Fraley et al. have previously shown that both pre- and post-OLT ARF were associated with an increased mortality. When ARF was stratified by pre- vs. post-OLT and by subgroups who required hemodialysis vs. CRRT vs. no dialysis, highest mortality rates were seen among patients with postoperative ARF requiring CRRT (primarily in the form of continuous venovenous hemodialysis), a finding similar to that of Gonwa et al. (mortality in ARF pre-OLT: no dialysis vs. HD vs. CRRT: 0% vs. 10% vs. 44%, respectively, compared with ARF post-OLT: 15% vs. 22% vs. 67%, respectively). The authors further demonstrated that the number of comorbid conditions, most notably sepsis, encephalopathy, respiratory failure, and disseminated intravascular coagulation correlated best with a worse outcome.34
An association between postoperative acute renal failure requiring RRT and increased morbidity and mortality was also demonstrated by Gainza et al.35 In their series consisting of 259 consecutive liver transplantation performed in 251 patients, 4 of whom underwent combined liver-kidney transplantation, the mortality rate of patients requiring RRT was 52.1%, compared with 6.77% of that of the total population studied (P < 0.00001).

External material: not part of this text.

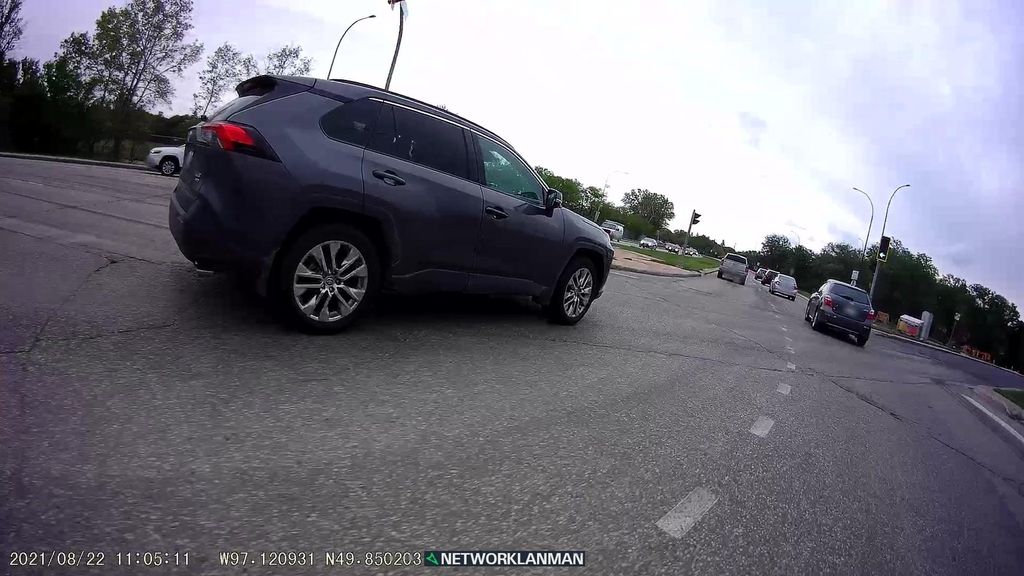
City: winnipeg
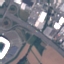
Land use / land cover: Highway

A higher Child-Turcotte-Pugh score and previous renal insufficiency were identified as strong risk factors for the development of postoperative acute renal failure. Other risk factors included the use of calcineurin inhibitors, sepsis, liver dysfunction, and nephrotoxic antimicrobials, among others.
In conclusion, although the literature on the impact of renal insufficiency and patient and allograft survival are inconsistent, the commonly identified factors predicting a worse outcome appear to be renal failure associated with sepsis and/or renal failure requiring RRT particularly among those who required CRRT(commonly performed because of hemodynamic instability associated with sepsis as a major comorbid condition) in the postoperative period.